I have a probability question which I would appreciate some help with.
a) Complete the values in the tree diagram
b) The probability that Terry will not be the champion is 0.58. Find the value of p
c) Given that Terry did not become the champion, find the probability she lost in the semi-final
My main struggle is with c as I understand it is a conditional probability question but personally I think the events are independent and thus P(A|B) = P(A) therefore 0.3 but the alternative is to say 15/29 by saying P(A and B) / P(B) = 0.3/0.58 = 15/29.
Any helpt would be greatly appreciated as to which working is correct. Thanks!!
According to the definition of $\mathcal P(A \mid B),$ $$\mathcal P(A \cap B) = \mathcal P(A \mid B) \mathcal P(B).$$ Any intuition that leads you to a different conclusion is a mistaken intuition about conditional probabilities.
Dependence of one event on another in probability may arise because the other event has a causal effect on the first one, but that is not what defines dependence. Dependence also is a two-way street: it happens when $$ \mathcal P(A \cap B) \neq \mathcal P(A) \mathcal P(B),$$ and as you might guess from the symmetry of this formula, if $B$ is dependent on $A$ then $A$ is dependent on $B.$
If you want to think of this in more causal terms, consider $\mathcal P(A \mid B) : (1 - \mathcal P(A \mid B))$ as the fair odds on a bet that $A$ will occur, with the condition that the bet is settled with these odds if $B$ occurs, but if $B$ does not occur the bet is canceled.
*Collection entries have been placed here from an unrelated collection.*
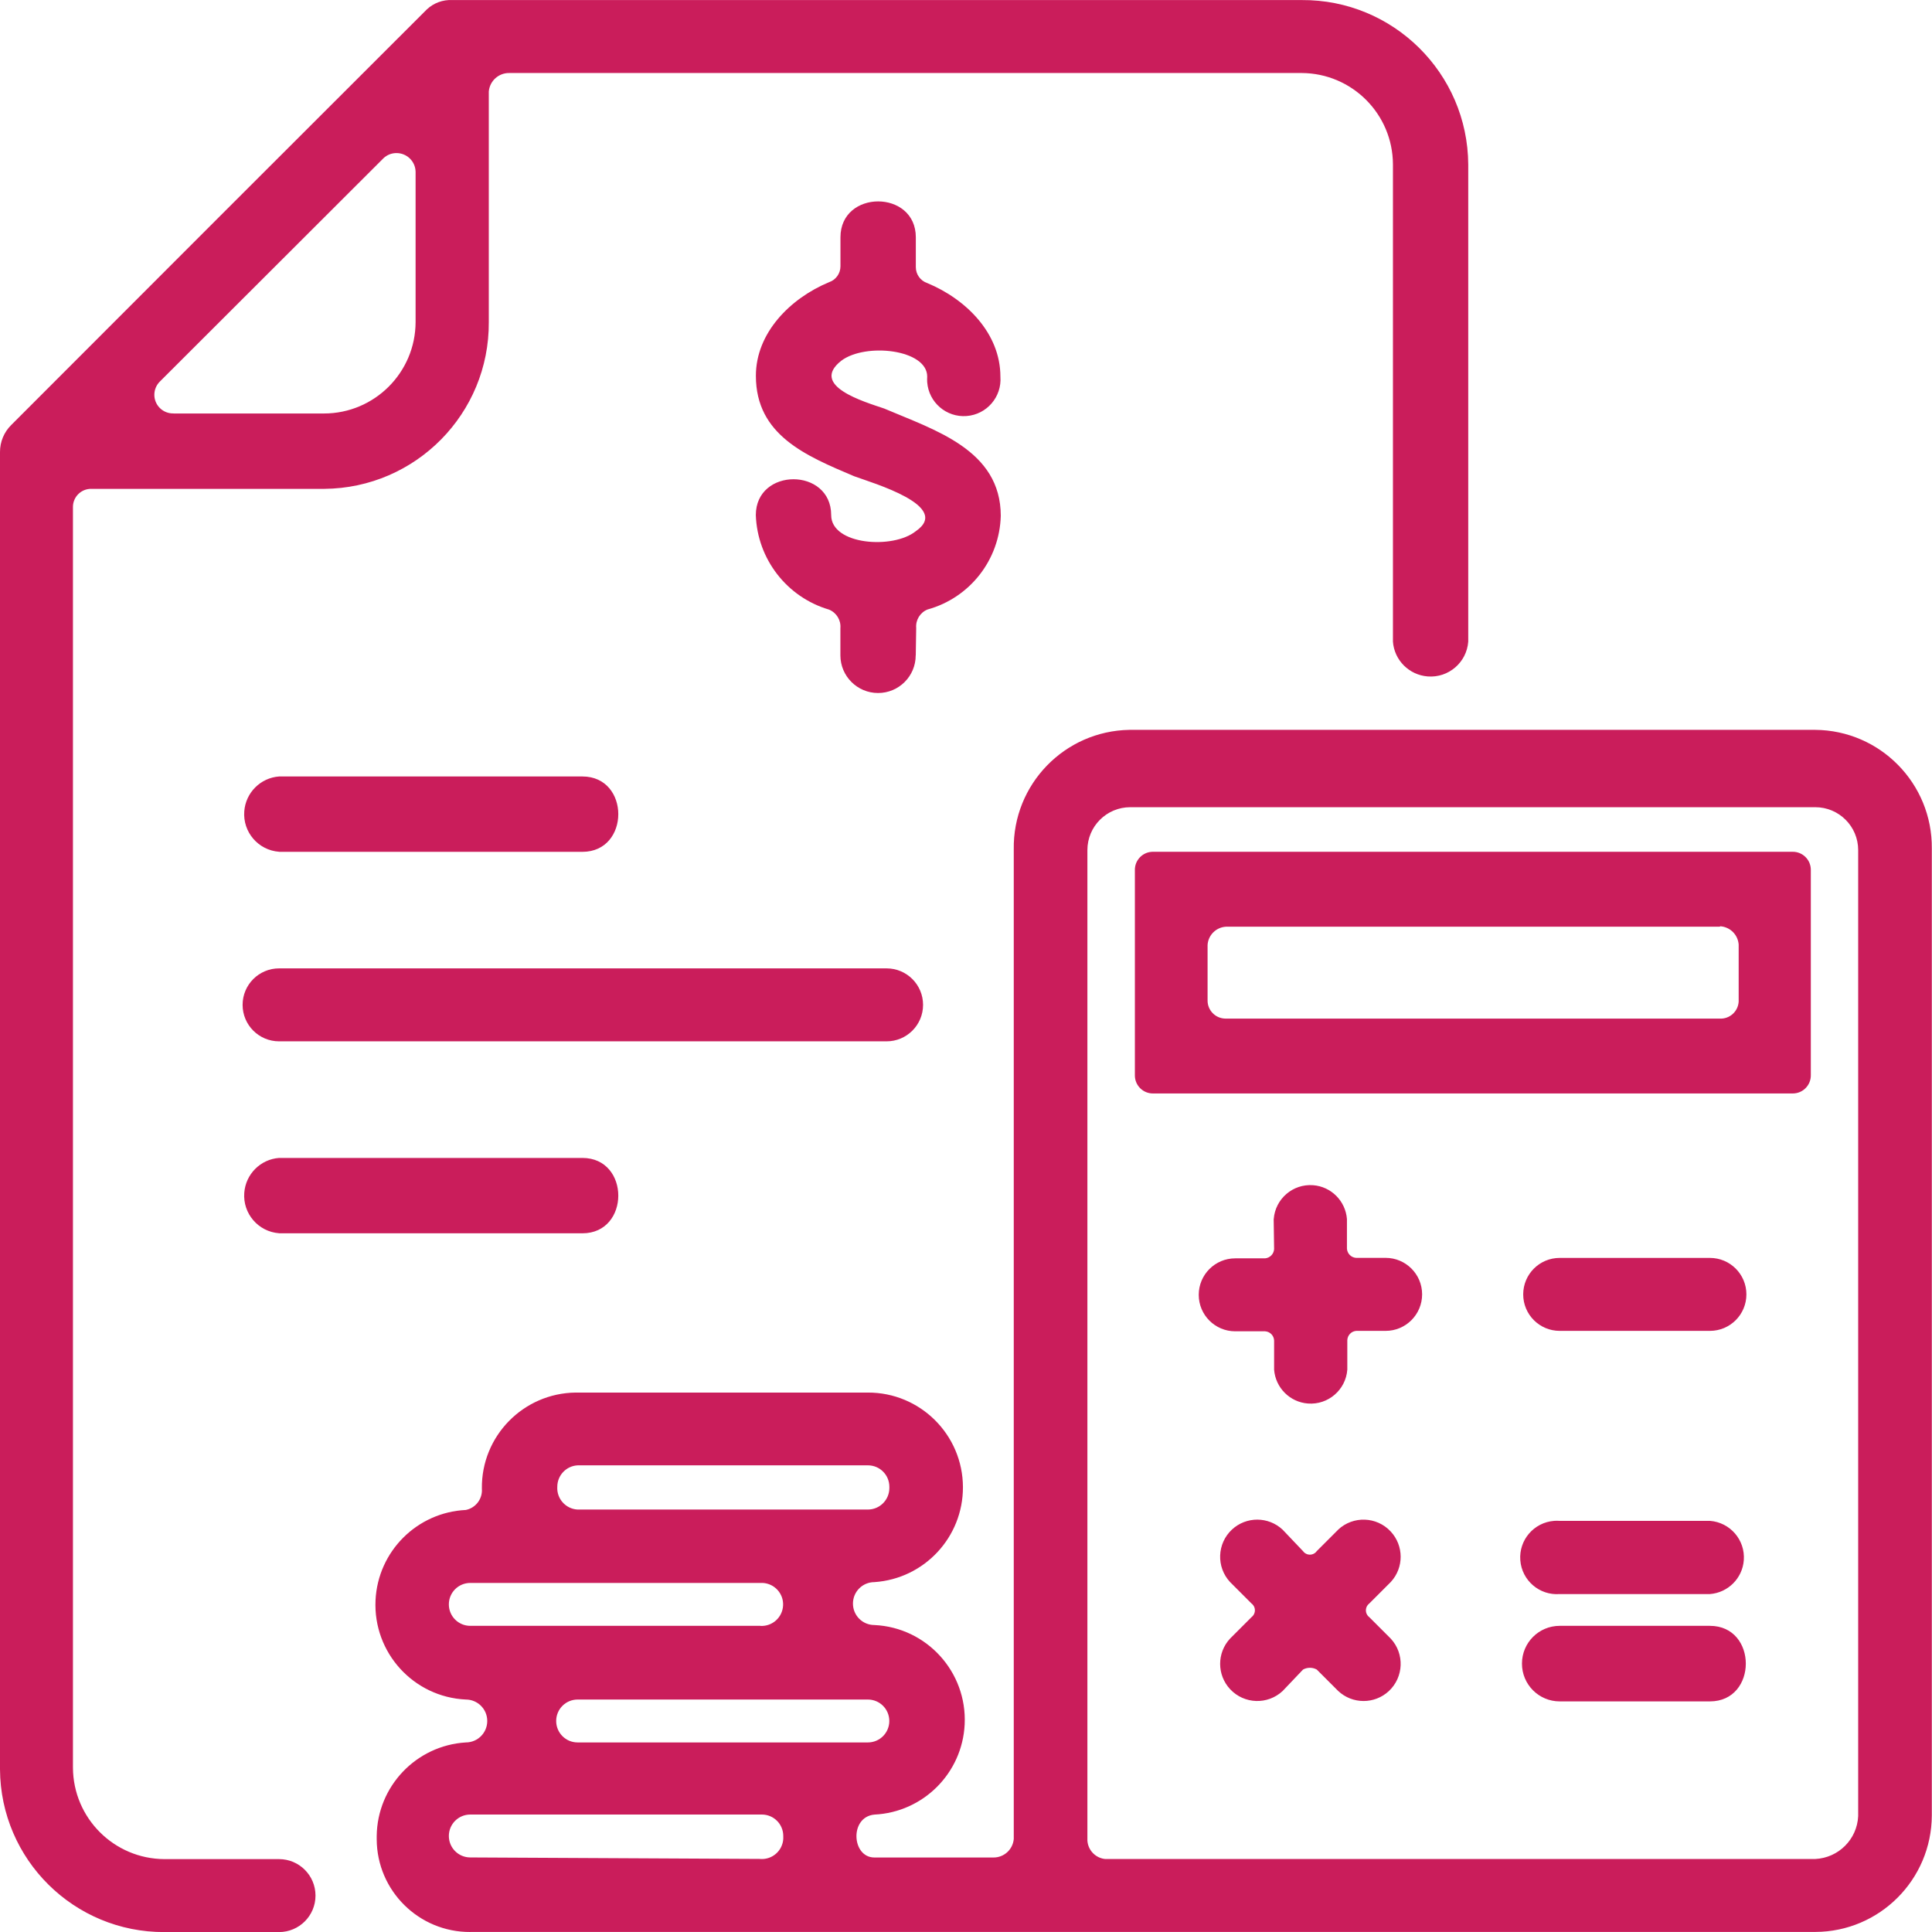 <?xml version="1.0" encoding="UTF-8"?>
<svg id="Layer_2" data-name="Layer 2" xmlns="http://www.w3.org/2000/svg" viewBox="0 0 312.49 312.49">
  <defs>
    <style>
      .cls-1 {
        fill: #ca1d5b;
      }
    </style>
  </defs>
  <g id="Layer_1-2" data-name="Layer 1">
    <path id="Accounting" class="cls-1" d="m76.07,312.49c-8.32.04-15.1-6.67-15.14-14.99,0-.18,0-.35,0-.53.09-8.04,6.38-14.65,14.41-15.14,1.92,0,3.47-1.55,3.47-3.47s-1.55-3.47-3.47-3.47c-8.47-.4-15-7.59-14.6-16.06.38-7.9,6.7-14.22,14.6-14.6,1.62-.33,2.74-1.82,2.6-3.47-.1-8.48,6.7-15.42,15.17-15.52.1,0,.21,0,.31,0h46.94c8.48-.03,15.37,6.83,15.39,15.3.02,8.09-6.24,14.81-14.32,15.36-1.92,0-3.47,1.55-3.47,3.47s1.55,3.47,3.47,3.47c8.47.4,15,7.59,14.6,16.06-.38,7.9-6.7,14.22-14.6,14.6-4.06.38-3.68,6.94,0,6.94h19.24c1.71.02,3.15-1.28,3.3-2.99v-160.06c-.17-10.51,8.2-19.16,18.71-19.34.05,0,.09,0,.14,0h110.79c10.51.09,18.95,8.69,18.85,19.2,0,.05,0,.09,0,.14v156.24c-.04,10.4-8.46,18.82-18.85,18.85H76.07Zm17.36-68.33h46.94c1.92,0,3.47-1.55,3.48-3.47,0-.07,0-.14,0-.21,0-1.92-1.55-3.47-3.47-3.47h-46.94c-1.85.09-3.3,1.62-3.3,3.47-.12,1.91,1.34,3.56,3.25,3.68.02,0,.03,0,.05,0Zm29.58,18.82c1.92.1,3.55-1.38,3.65-3.3.1-1.92-1.38-3.55-3.3-3.65h-47.29c-1.92,0-3.47,1.55-3.47,3.47s1.55,3.47,3.47,3.47h46.94Zm-29.58,18.85h46.94c1.92,0,3.47-1.55,3.47-3.47s-1.55-3.47-3.47-3.47h-46.94c-1.92,0-3.47,1.55-3.47,3.47s1.55,3.47,3.47,3.47Zm29.58,18.85c1.91.12,3.56-1.33,3.68-3.25,0-.16,0-.31,0-.47,0-1.92-1.55-3.47-3.47-3.47h-47.15c-1.92,0-3.47,1.55-3.47,3.47s1.55,3.47,3.47,3.47l46.94.24Zm25.1-194.68c0,3.37-2.73,6.09-6.09,6.09s-6.09-2.73-6.09-6.09v-4.41c.11-1.29-.64-2.5-1.84-2.99-6.82-2.01-11.59-8.17-11.84-15.28,0-7.74,12.19-7.74,12.19,0,0,4.83,10,5.56,13.68,2.6,5.9-4.06-6.94-7.78-9.96-8.89-7.78-3.3-15.9-6.63-15.9-16.25,0-6.94,5.56-12.53,11.84-15.14,1.1-.37,1.84-1.41,1.84-2.57v-4.69c0-7.74,12.19-7.74,12.19,0v4.83c0,1.16.74,2.2,1.84,2.57,6.28,2.6,11.84,8.12,11.84,15.14.25,3.27-2.2,6.12-5.47,6.37-3.27.25-6.12-2.2-6.37-5.47-.02-.3-.02-.61,0-.91,0-4.41-9.96-5.52-13.89-2.57-5.17,4.06,3.68,6.63,6.94,7.74,8.12,3.47,18.85,6.67,18.85,17.36-.19,7.1-4.99,13.25-11.84,15.14-1.2.48-1.95,1.69-1.84,2.99l-.07,4.41Zm104.16,151.83c-3.27.25-6.12-2.2-6.37-5.47-.25-3.27,2.2-6.12,5.47-6.37.3-.02.61-.02.91,0h24.3c3.27.25,5.72,3.1,5.47,6.37-.22,2.92-2.55,5.24-5.47,5.47h-24.3Zm0,17.36c-3.37,0-6.11-2.74-6.1-6.12,0-3.37,2.73-6.1,6.1-6.1h24.3c7.74,0,7.74,12.22,0,12.22h-24.3Zm-35.83-27.78c2.42-2.26,6.22-2.14,8.49.29,2.15,2.3,2.16,5.87.02,8.18l-3.47,3.47c-.61.46-.74,1.33-.28,1.94.08.11.17.2.28.28l3.47,3.47c2.25,2.43,2.11,6.23-.32,8.49-2.31,2.14-5.88,2.13-8.18-.02l-3.47-3.47c-.69-.38-1.53-.38-2.22,0l-3.3,3.47c-2.42,2.26-6.22,2.14-8.49-.29-2.15-2.3-2.16-5.87-.02-8.18l3.47-3.47c.61-.46.74-1.33.28-1.94-.08-.11-.17-.2-.28-.28l-3.47-3.47c-2.25-2.43-2.11-6.23.32-8.49,2.31-2.14,5.88-2.13,8.18.02l3.3,3.47c.43.61,1.27.76,1.89.34.13-.09.25-.21.34-.34l3.47-3.47Zm-10.42-50.24c.25-3.27,3.1-5.72,6.37-5.47,2.92.22,5.24,2.55,5.47,5.47v4.79c.05.79.67,1.43,1.46,1.49h4.79c3.26,0,5.91,2.64,5.91,5.9,0,3.26-2.64,5.91-5.9,5.91h-4.74c-.8.05-1.42.7-1.46,1.49v4.79c-.25,3.27-3.1,5.72-6.37,5.47-2.92-.22-5.24-2.55-5.47-5.47v-4.72c-.03-.8-.66-1.44-1.46-1.49h-4.83c-3.26,0-5.9-2.64-5.9-5.9s2.64-5.9,5.9-5.9h4.83c.79-.07,1.41-.7,1.46-1.49l-.07-4.86Zm46.25,18.09c-3.26,0-5.9-2.64-5.9-5.9s2.64-5.9,5.9-5.9h24.3c3.26,0,5.9,2.64,5.9,5.9s-2.64,5.9-5.9,5.9h-24.3Zm40.62-74.61v33.26c.02,1.61-1.27,2.93-2.88,2.95-.02,0-.05,0-.07,0h-103.43c-1.61.02-2.93-1.27-2.95-2.88,0-.02,0-.05,0-.07v-33.19c-.02-1.61,1.27-2.93,2.88-2.95.02,0,.05,0,.07,0h103.43c1.61-.02,2.93,1.27,2.95,2.88,0,.02,0,.05,0,.07v-.07Zm-14.76,9.24h-79.86c-1.59.1-2.85,1.37-2.95,2.95v8.96c-.02,1.61,1.27,2.93,2.88,2.95.02,0,.05,0,.07,0h79.86c1.61.1,2.99-1.13,3.09-2.74,0-.07,0-.14,0-.21v-9.03c-.12-1.58-1.37-2.83-2.95-2.95l-.14.07Zm-99.37,150.79h114.85c3.76-.18,6.77-3.18,6.94-6.94v-156.24c0-3.84-3.11-6.94-6.94-6.94h-110.79c-3.84,0-6.94,3.11-6.94,6.94v160.2c.1,1.59,1.36,2.87,2.95,2.99h-.07ZM45.14,168.43c-3.26,0-5.9-2.64-5.9-5.9s2.64-5.9,5.9-5.9h98.26c3.26,0,5.9,2.64,5.9,5.9s-2.64,5.9-5.9,5.9H45.14Zm0-30.66c-3.37-.25-5.89-3.19-5.63-6.55.23-3.01,2.62-5.41,5.63-5.63h49.06c7.74,0,7.74,12.19,0,12.19h-49.06Zm0,61.7c-3.37-.25-5.89-3.19-5.63-6.55.23-3.01,2.62-5.41,5.63-5.63h49.06c7.74,0,7.74,12.19,0,12.19h-49.06ZM79.06,14.8v37.29c.1,14.79-11.81,26.86-26.6,26.98H14.79c-1.61-.04-2.95,1.24-2.99,2.85,0,.04,0,.07,0,.11v203.88c.04,8.15,6.64,14.75,14.79,14.79h18.54c3.26,0,5.9,2.64,5.9,5.9s-2.64,5.9-5.9,5.9h-18.54C11.98,312.56.08,300.78,0,286.17c0-.09,0-.19,0-.28V73.13c-.01-1.66.65-3.25,1.84-4.41C23.99,46.53,46.53,24,69.06,1.5c1.1-1.02,2.56-1.56,4.06-1.49h137.42c14.78-.1,26.85,11.81,26.94,26.59h0v77.18c-.25,3.37-3.19,5.89-6.55,5.63-3.01-.23-5.41-2.62-5.63-5.63V26.6c-.02-8.15-6.61-14.75-14.76-14.79H82.36c-1.71-.02-3.15,1.28-3.3,2.99Zm-50.97,52.08h24.3c8.17,0,14.81-6.62,14.83-14.79v-24.3c-.03-1.71-1.44-3.06-3.15-3.03-.75.01-1.47.3-2.02.81L25.87,61.7c-1.19,1.17-1.21,3.08-.04,4.27.59.6,1.41.93,2.26.9Z"/>
  </g>
</svg>

Suppose a friend says to you, "I bet you Terry will lose the semi-final. If she wins I pay you a dollar, if she loses you pay me two dollars." This is a favorable bet for you (and a bad bet for your friend) because the expected winnings of $1$ dollar with $0.7$ probability outweighs than the expected loss of $2$ dollars with $0.3$ probability.
But suppose your friend puts an extra condition on the bet--you have to wait until after the final before settling the bet, and if Terry wins the final the whole bet is canceled. You now have a much lower chance of winning, but just as big a chance of losing. In fact, is now a bad bet for you and a favorable bet for your friend. You should ask for better odds on the bet. This corresponds to the fact that $\mathcal P(A \mid B) > \mathcal P(A)$.